枪口垂下一寸,孙瘸子的声音在颤抖:“营长……那东西,上面是你的名字。”
昏暗灯光下,培养舱金属表面蚀刻的铭文泛着冷光。周围几个老兵呼吸粗重,眼神在陈铁锋和那口棺材般的容器间来回扫视,手指扣在扳机上,骨节发白。
陈铁锋抹了把脸,硝烟混着血污在掌心化开。他没看培养舱,目光扫过每一张脸——孙瘸子缺了半只耳朵,赵大锤眉骨上的刀疤还在渗血,都是跟着他从尸山血海里爬出来的兄弟。远处交火的闷响在基地深处回荡,头顶通风管道传来追兵皮靴踩踏金属的脚步声,越来越近。
“是我的名字。”他开口,声音嘶哑得像砂纸磨过铁皮,“但我不是从这里面爬出来的。我是陈铁锋,清河镇陈家沟人,民国三年生,十八岁当兵,打过的仗、杀过的鬼子、救过的兄弟——”他顿了顿,视线钉在赵大锤脸上,“淞沪会战,你替我挨的那发炮弹,疤还在后背上吧?”
赵大锤喉结滚动,握砍刀的手松了又紧。
“可这力量……”旁边一个年轻士兵嘶声道,眼睛盯着陈铁锋刚才一拳砸裂的高强度观察窗——蛛网状的裂纹中央,拳印清晰可见。

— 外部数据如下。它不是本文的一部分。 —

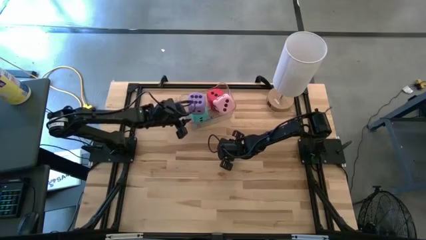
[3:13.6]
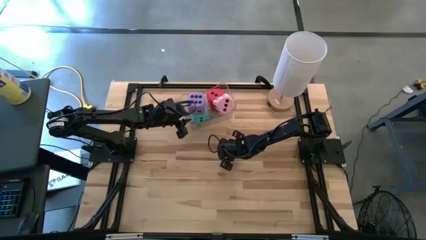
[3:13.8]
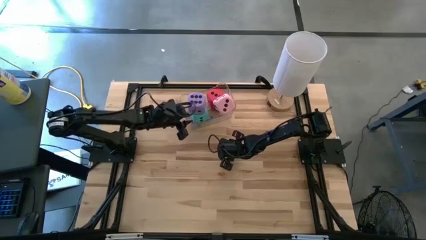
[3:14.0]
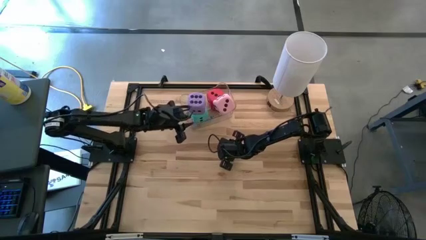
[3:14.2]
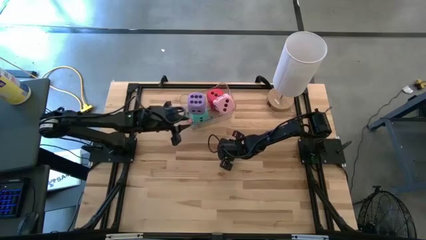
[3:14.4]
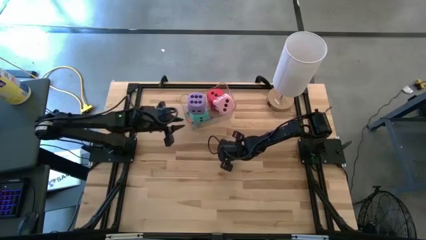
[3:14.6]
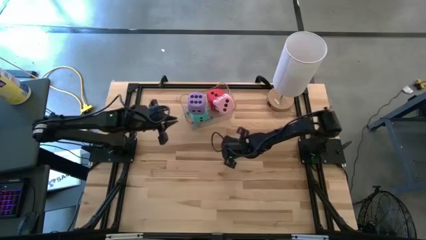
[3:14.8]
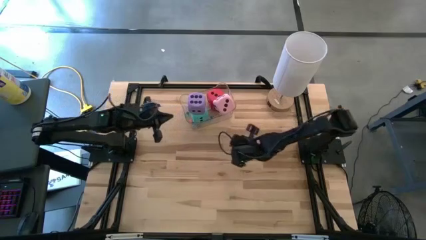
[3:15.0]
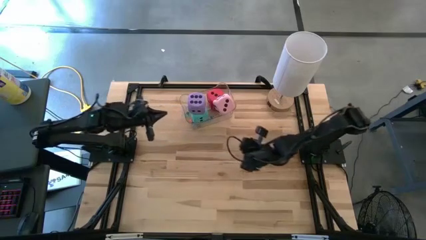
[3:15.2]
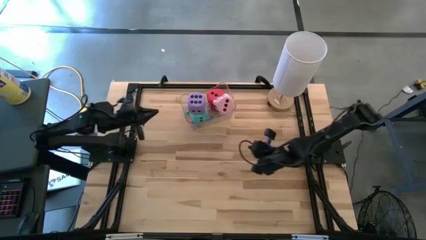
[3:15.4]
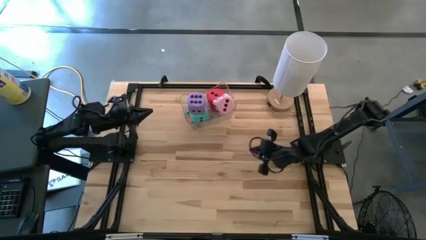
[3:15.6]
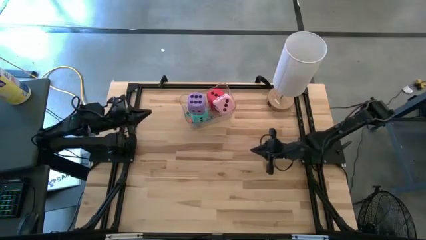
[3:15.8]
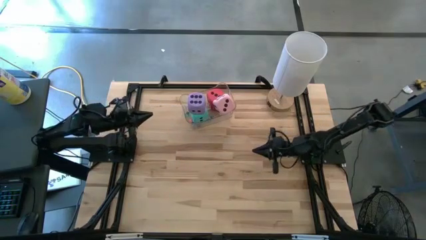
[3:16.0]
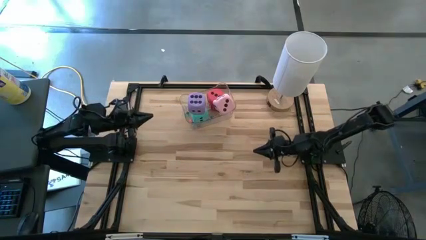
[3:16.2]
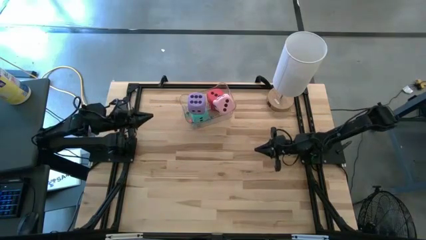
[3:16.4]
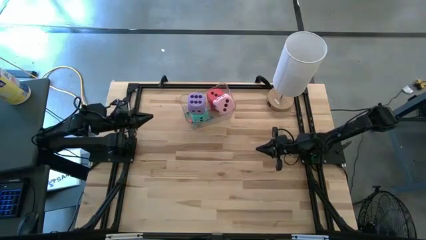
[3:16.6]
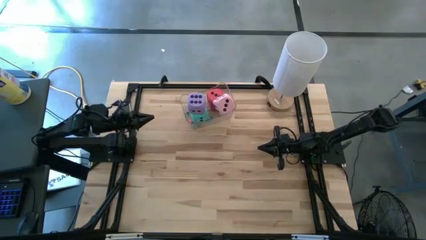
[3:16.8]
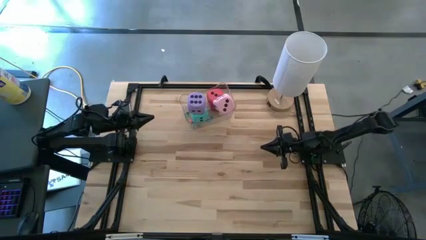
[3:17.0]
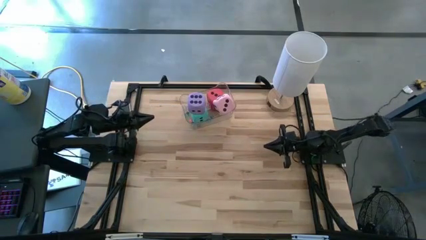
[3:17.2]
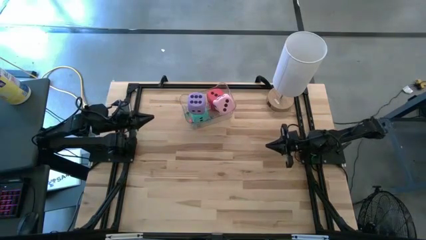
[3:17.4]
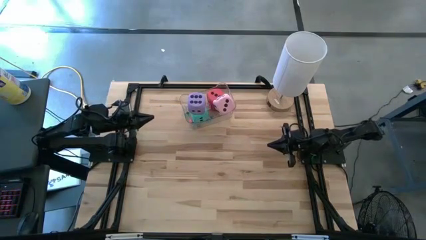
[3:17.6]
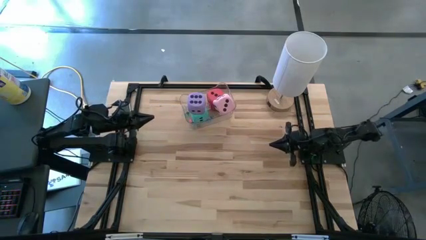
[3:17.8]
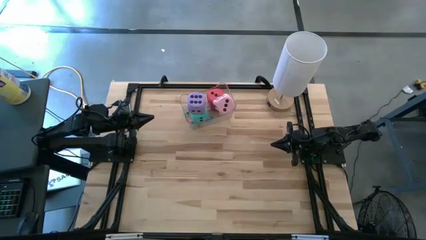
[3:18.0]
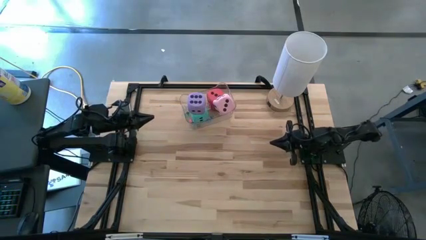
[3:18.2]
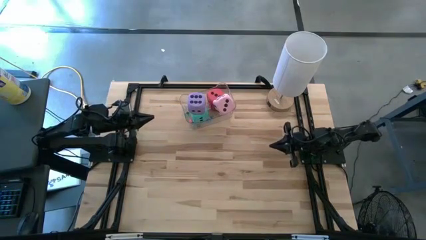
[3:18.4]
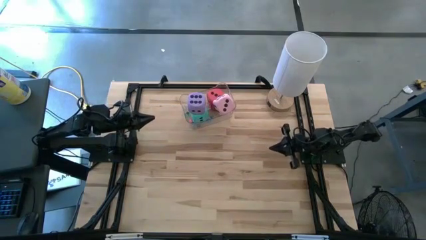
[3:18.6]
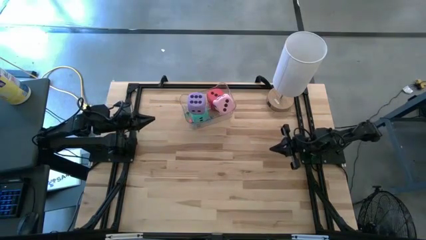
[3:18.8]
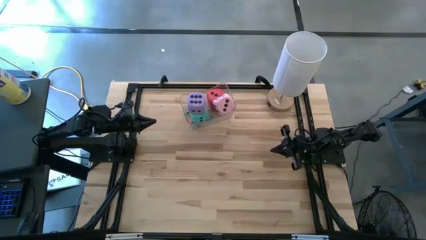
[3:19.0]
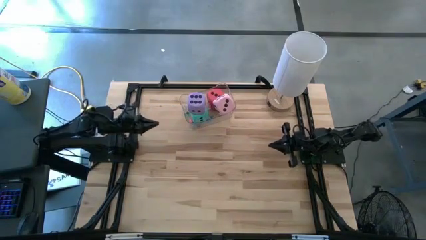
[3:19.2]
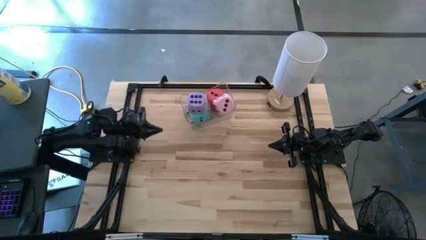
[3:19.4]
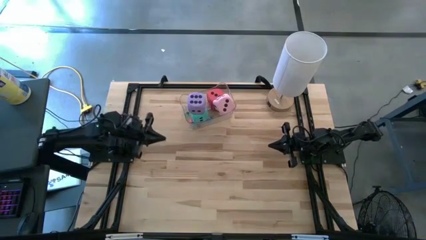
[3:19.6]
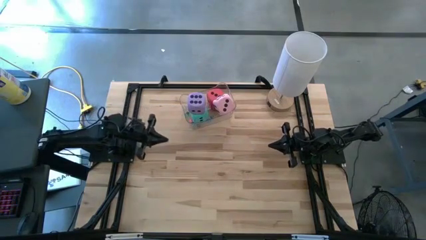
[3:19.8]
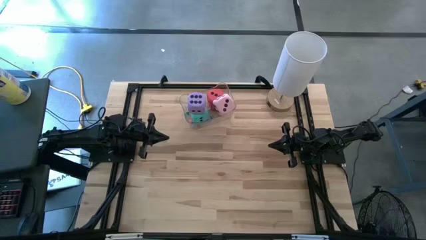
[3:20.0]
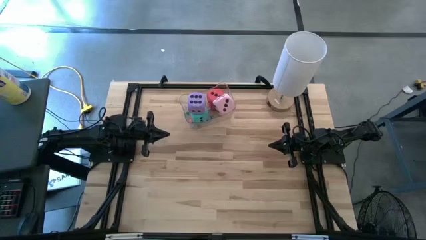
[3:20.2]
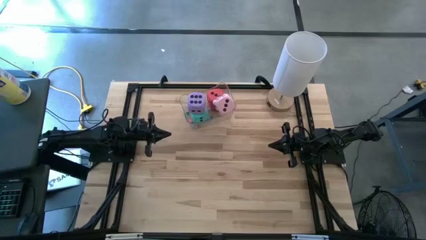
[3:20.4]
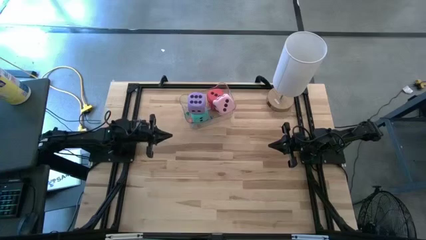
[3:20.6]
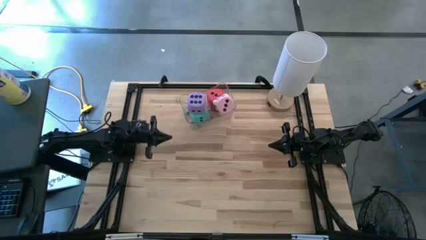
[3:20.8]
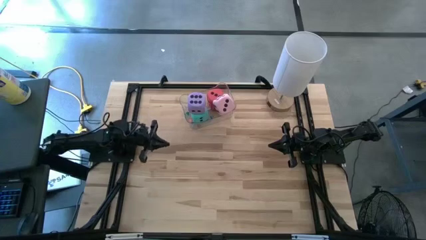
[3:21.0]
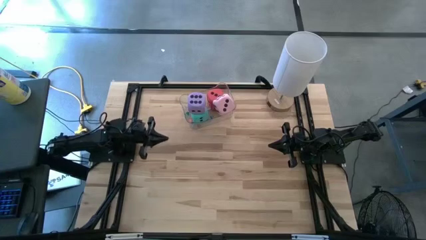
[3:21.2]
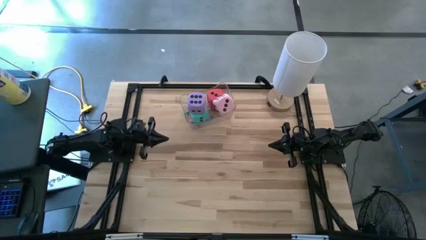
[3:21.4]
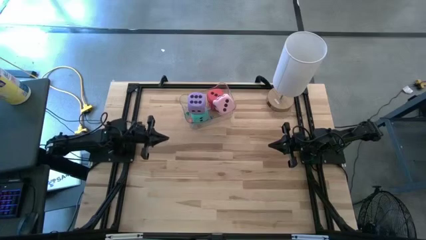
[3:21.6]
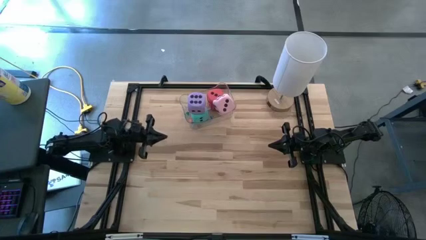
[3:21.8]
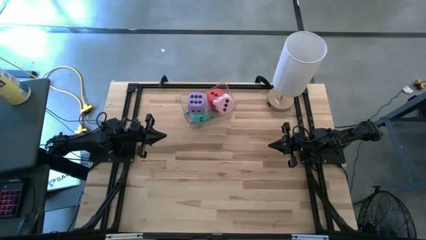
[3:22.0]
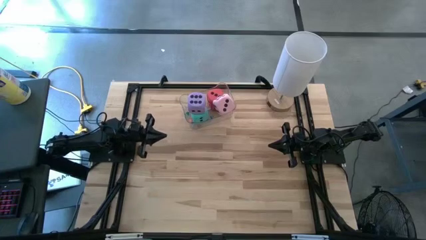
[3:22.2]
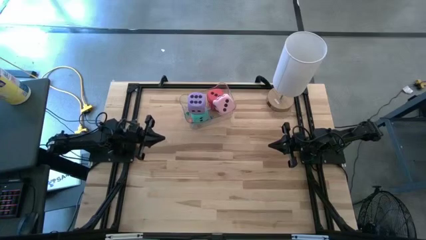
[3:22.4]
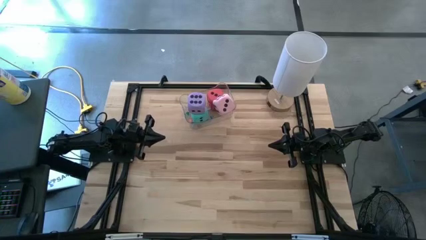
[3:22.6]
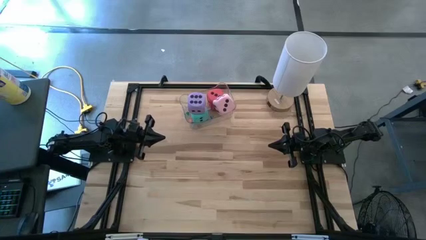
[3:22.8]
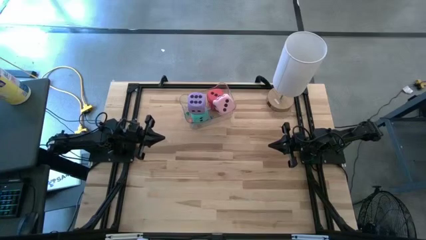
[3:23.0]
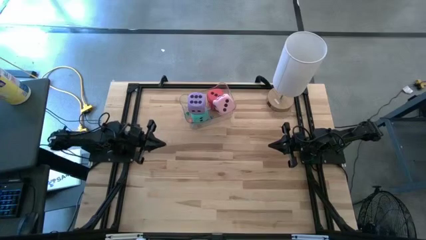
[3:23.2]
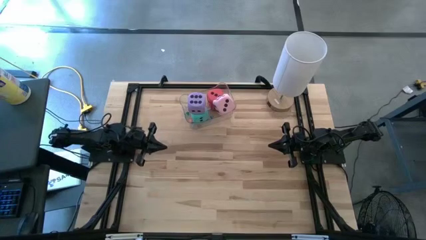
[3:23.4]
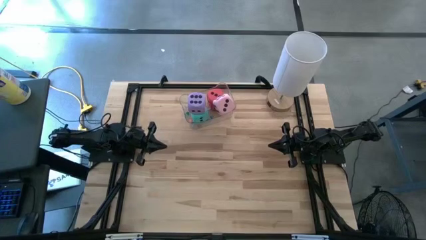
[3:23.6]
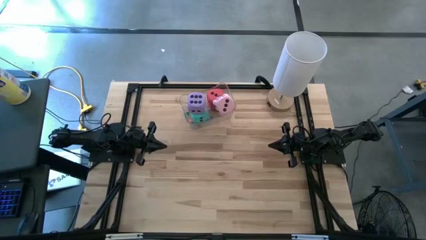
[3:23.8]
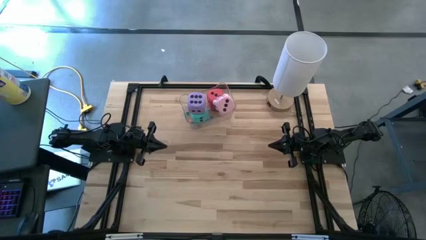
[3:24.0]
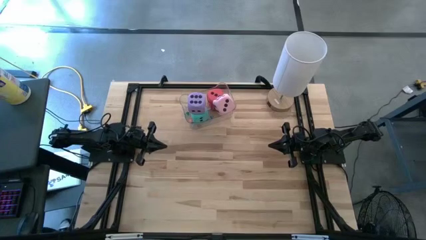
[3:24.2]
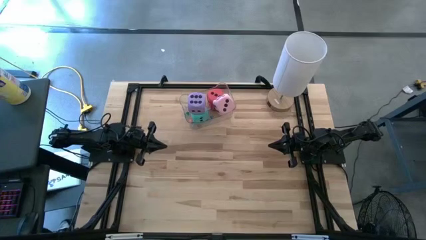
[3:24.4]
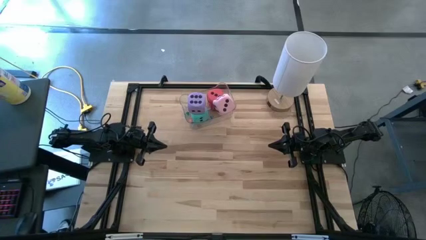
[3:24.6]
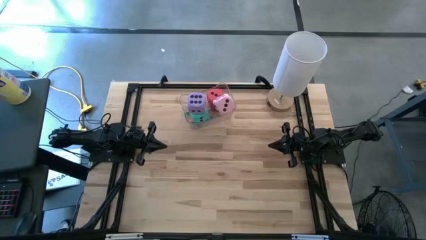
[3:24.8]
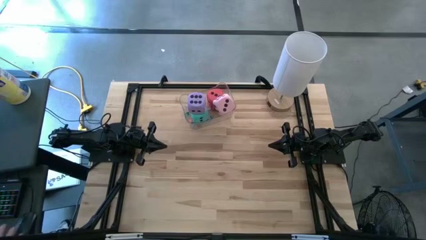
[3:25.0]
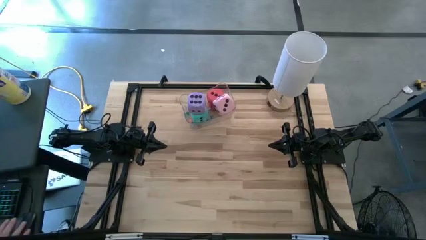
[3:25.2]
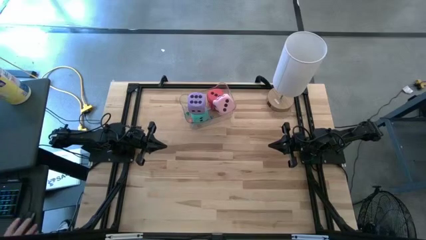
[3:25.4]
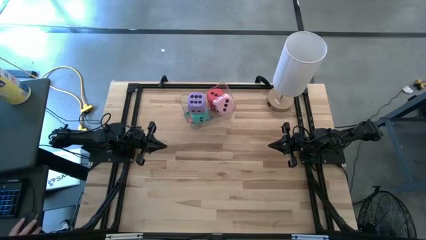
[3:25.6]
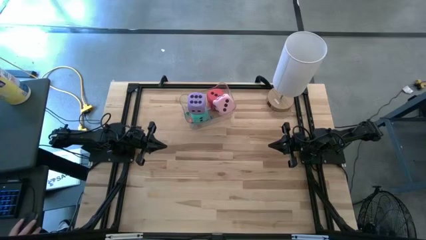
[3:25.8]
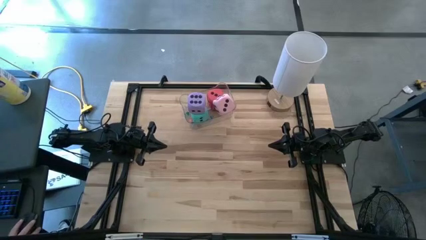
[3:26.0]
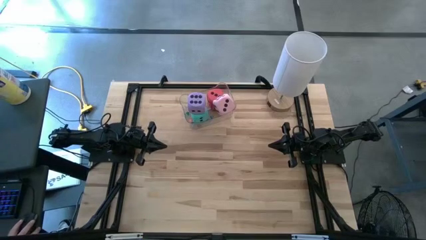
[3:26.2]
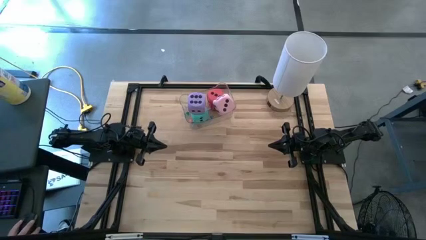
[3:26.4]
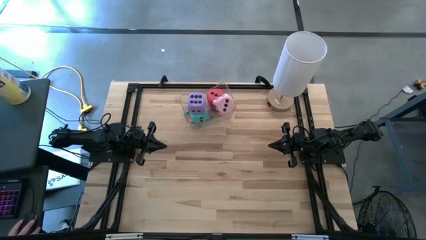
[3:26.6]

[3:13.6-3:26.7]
Task: Pick & Place Dice
Return to Home Position

“是抢来的。”陈铁锋打断他,一把扯开胸前破烂的军装。左胸一道狰狞的暗红色疤痕横贯心脏位置,皮肉外翻,尚未完全愈合。更诡异的是疤痕周围的皮肤,在昏黄灯光下隐约泛着金属般的冷硬光泽,像生锈的铁板。“上次突围,挨了一发实验体的骨刺。没死,它留了点‘东西’在我身体里。李振邦想回收,或者,把我变成下一个王大山。”
他猛地抬脚,军靴狠狠踹在培养舱侧面。
“哐——!”
金属舱体凹陷下去,固定螺栓崩飞两颗。这不是人类该有的力量。
“看见了吗?”陈铁锋收回脚,扯开右臂袖子。小臂外侧,几条细微的、如同电路板纹路般的暗金色线条正从疤痕处向上蔓延,所过之处皮肤失去血色,触感冰冷。“这就是代价。我不知道它是什么,但它现在是我的。用它杀鬼子,用它带你们出去,用它守住铁刃营的番号!”他目光如刀,劈开众人脸上的惊疑,“有问题吗?”
死寂。
只有通风管道里追兵的脚步声,像催命鼓点。
孙瘸子第一个动了。他啐出一口带血的唾沫,枪托抵肩,枪口重新对准黑暗的通道方向,缺了半只耳朵的侧脸在抽搐:“娘的,管他什么来路,能杀敌就是好路!营长,下命令!”
“下命令!”赵大锤低吼,砍刀在掌心转了个圈。
几个老兵眼神里的动摇被碾碎,取而代之是更熟悉的、狼一样的凶光。信任不是靠嘴皮子,是靠无数次把后背交给对方,从死人堆里互相拖出来的。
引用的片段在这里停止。